Reading a Linux mailbox in C

This is a discussion on Reading a Linux mailbox in C within the C Programming forums, part of the General Programming Boards category; This has kind of frustrated me for a few hours of searching. We currently have a php script that checks ...

  1. #1
    Registered User
    Join Date
    Sep 2009
    Posts
    5

    Reading a Linux mailbox in C

    This has kind of frustrated me for a few hours of searching. We currently have a php script that checks a mailbox for new messages and parses those out, after which we do some processing with the data. In php its super simple to use the mail function to do this. However for scalability in the next stage of this project I am going to convert the email reader to a C daemon that just reads the mail and launched a child php process to handle the message data.

    I am having a hard time finding how to emulate the functionity of the php mail function. It seems that nothing in C exists that is simple and easy to use. I have found the UW IMAP c client UW IMAP software--IMAP Information Center. Not sure if this is what I am looking for.

    Any insight or help into the matter is greatly appreciated!

  2. #2
    Registered User
    Join Date
    Sep 2009
    Posts
    5
    Anyone parse emails in C before?

    This question is stumping me, and seems to be stumping the members here as well.

    Thanks!

  3. #3
    spurious conceit MK27's Avatar
    Join Date
    Jul 2008
    Location
    segmentation fault
    Posts
    8,300
    Quote Originally Posted by P3R3 View Post
    This has kind of frustrated me for a few hours of searching. We currently have a php script that checks a mailbox for new messages and parses those out, after which we do some processing with the data. In php its super simple to use the mail function to do this. However for scalability in the next stage of this project I am going to convert the email reader to a C daemon that just reads the mail and launched a child php process to handle the message data.

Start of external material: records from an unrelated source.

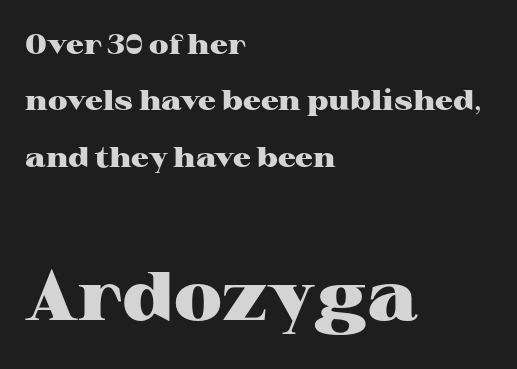
The image shows 69 px heavy, wide serif type, upright; set left-aligned, loose line spacing (2.01x), normal letter spacing, not underlined; the second (bottom) block is 2.46x larger; high stroke contrast and a medium x-height.
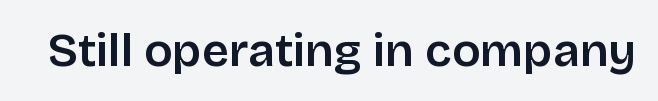
The image shows 47 px sans-serif type, upright; set normal letter spacing, not underlined; low stroke contrast and a large x-height.
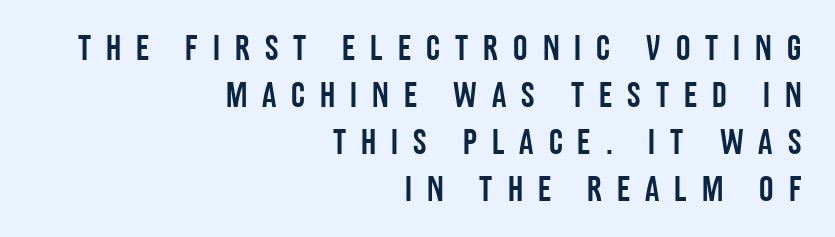
Is this a fixed-width face? No — the glyphs have proportional, varying widths. This is roman type, the default non-slanted kind. This sample keeps an unexceptional amount of space between lines. To sum up the face: it is a sans, with no serifs.
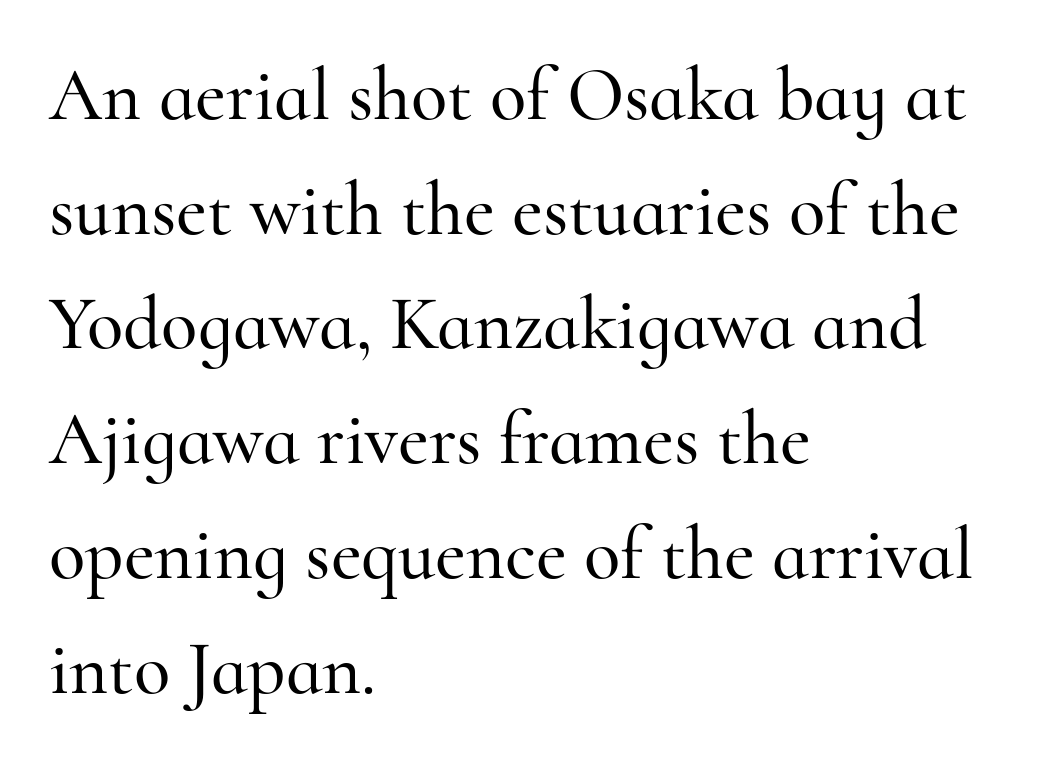
The letters advance in unequal steps, a hallmark of proportional type. The gaps between neighbouring characters are ordinary and unremarkable. Vertically, the passage feels balanced, rows spaced as you'd expect. When letters stand straight like this, we call the style roman or upright. The characters display serif detailing at their extremities.

    I am having a hard time finding how to emulate the functionity of the php mail function. It seems that nothing in C exists that is simple and easy to use. I have found the UW IMAP c client UW IMAP software--IMAP Information Center. Not sure if this is what I am looking for.

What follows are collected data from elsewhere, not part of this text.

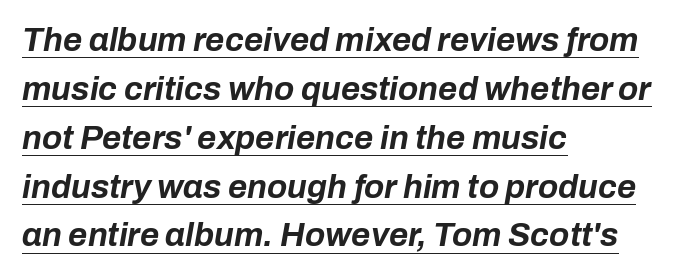
{"italic": "yes", "lean": "right", "slant_degrees": 10, "bold": "yes", "weight": "bold", "width": "normal", "stroke_contrast": "low", "x_height": "medium", "monospaced": "no", "underline": "yes", "align": "left", "line_spacing": "normal", "line_spacing_ratio": 1.48, "letter_spacing": "normal", "letter_spacing_em": 0.0, "glyph_px": 33}
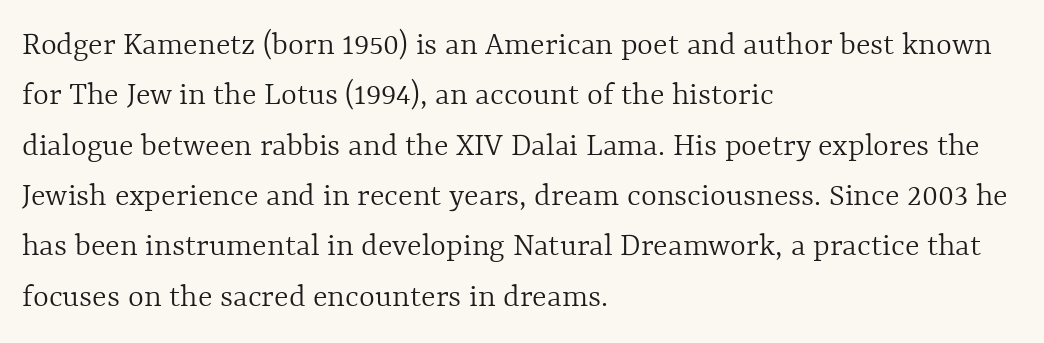
Q: Is the text bold? A: No.
Q: Is the text italic (slanted)? A: No, it is upright.
Q: Is the text underlined? A: No.
Q: How is the paragraph aligned? A: Left-aligned.
Q: Is the spacing between letters normal or unusually wide? A: Normal.
Q: Is the spacing between lines tight, normal or loose? A: Normal.
Q: Width (condensed, normal, or wide)? A: Normal.
Q: x-height? A: Medium.
Q: Monospaced? A: No.
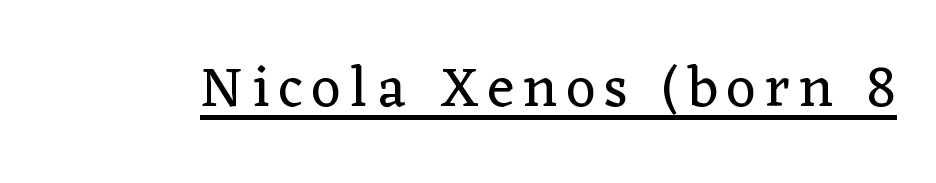
Caption: face not bold, strokes unweighted. Quick note: not italic, upright. What decoration does the sample have? An underline. Is this a fixed-width face? No — the glyphs have proportional, varying widths. The characters display serif detailing at their extremities.
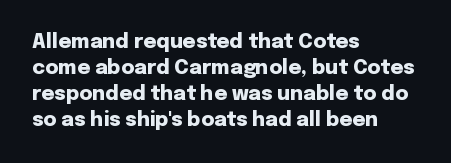
Q: Is the text bold? A: Yes.
Q: Is the text italic (slanted)? A: No, it is upright.
Q: Is the text underlined? A: No.
Q: How is the paragraph aligned? A: Left-aligned.
Q: Is the spacing between letters normal or unusually wide? A: Normal.
Q: Is the spacing between lines tight, normal or loose? A: Normal.
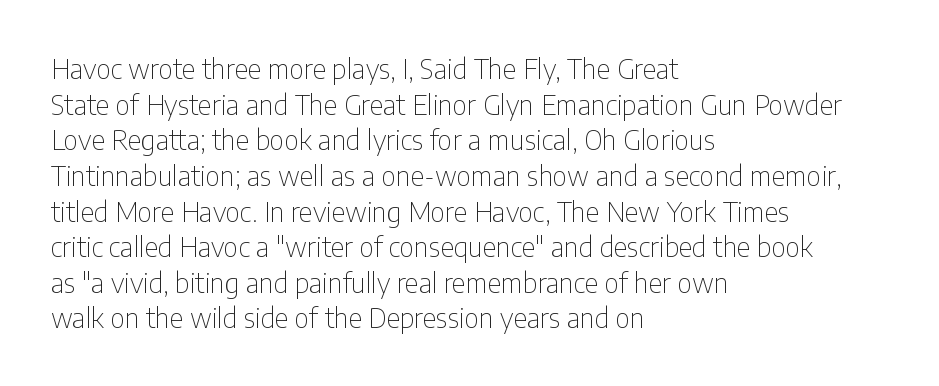
Q: Is the text bold? A: No.
Q: Is the text italic (slanted)? A: No, it is upright.
Q: Is the text underlined? A: No.
Q: How is the paragraph aligned? A: Left-aligned.
Q: Is the spacing between letters normal or unusually wide? A: Normal.
Q: Is the spacing between lines tight, normal or loose? A: Normal.
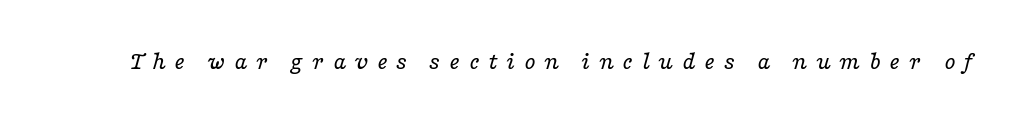
Clear beneath every line of the passage. In terms of posture, this sample is oblique. The tracking jumps out immediately: characters are airy and widely separated. This reads as an unemphasized weight, regular at the heaviest.
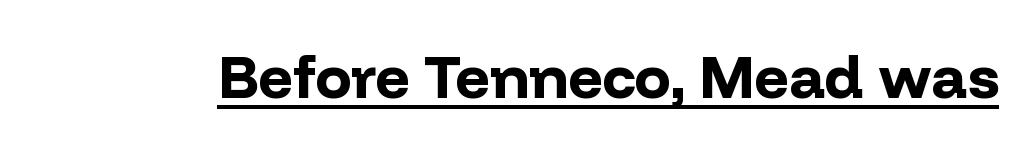
{"serif": "no", "italic": "no", "bold": "yes", "weight": "bold", "width": "normal", "stroke_contrast": "low", "x_height": "medium", "monospaced": "no", "underline": "yes", "letter_spacing": "normal", "letter_spacing_em": 0.0, "glyph_px": 60}

    Any insight or help into the matter is greatly appreciated!
    Yes, there are a slew of perl modules for this too. AFAIK, there is no such thing as a "linux mailbox", I know I use the mbox format, which may be the most common, but it is not unique to linux (ie, don't bark up the wrong tree).

    I do not think that link you posted will be of much help to you.

    However, if you look at a mailbox it is actually one big text file, so this should not be hard to do just by scrutinizing "it's" structure, which is mostly defined by the SMTP headers present. After all, that is all php & perl have to work with -- they are just parsing a text file.
    C programming resources:
    GNU C Function and Macro Index -- glibc reference manual
    The C Book -- nice online learner guide
    Current ISO draft standard
    CCAN -- new CPAN like open source library repository
    3 (different) GNU debugger tutorials: #1 -- #2 -- #3
    cpwiki -- our wiki on sourceforge

  4. #4
    a_capitalist_story
    Join Date
    Dec 2007
    Posts
    2,641
    You mention IMAP. Is it an IMAP server to which you're connecting? You don't seem clear on that. What is the PHP functionality you're using to do this now?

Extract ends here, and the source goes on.